» **Input data**
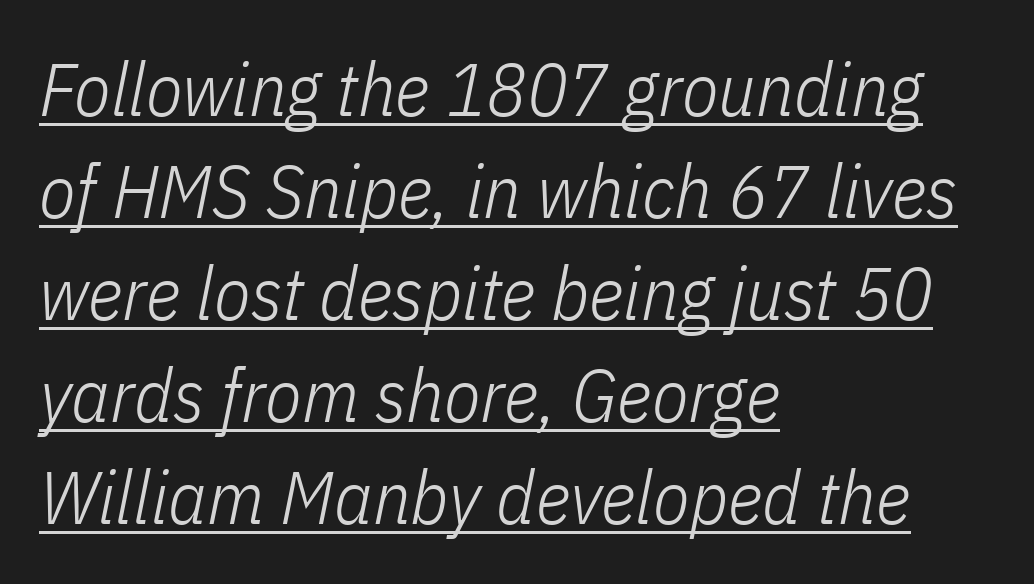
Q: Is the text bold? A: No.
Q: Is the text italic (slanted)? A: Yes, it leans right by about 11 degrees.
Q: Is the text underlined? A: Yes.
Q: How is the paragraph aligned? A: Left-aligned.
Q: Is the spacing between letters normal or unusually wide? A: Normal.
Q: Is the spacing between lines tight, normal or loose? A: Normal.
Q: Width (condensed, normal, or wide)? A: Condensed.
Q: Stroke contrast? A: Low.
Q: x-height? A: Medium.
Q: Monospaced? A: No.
--
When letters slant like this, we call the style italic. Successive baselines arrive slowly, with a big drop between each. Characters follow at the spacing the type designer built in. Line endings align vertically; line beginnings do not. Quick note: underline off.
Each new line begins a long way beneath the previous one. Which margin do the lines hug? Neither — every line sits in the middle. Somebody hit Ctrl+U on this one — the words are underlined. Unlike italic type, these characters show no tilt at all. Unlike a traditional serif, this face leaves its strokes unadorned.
==
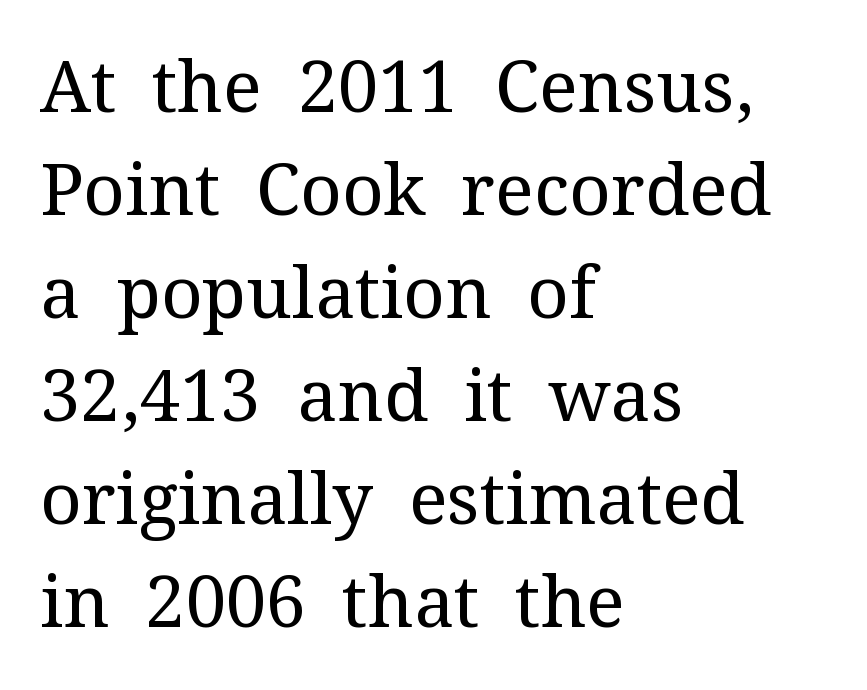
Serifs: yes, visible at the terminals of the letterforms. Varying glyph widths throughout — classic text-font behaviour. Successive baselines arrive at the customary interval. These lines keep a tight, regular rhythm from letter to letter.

» **Work item**
Check each line above for the word "wide" and copy the ones that have it.

» **Response to this task**
Q: Is the spacing between letters normal or unusually wide? A: Normal.
Q: Width (condensed, normal, or wide)? A: Condensed.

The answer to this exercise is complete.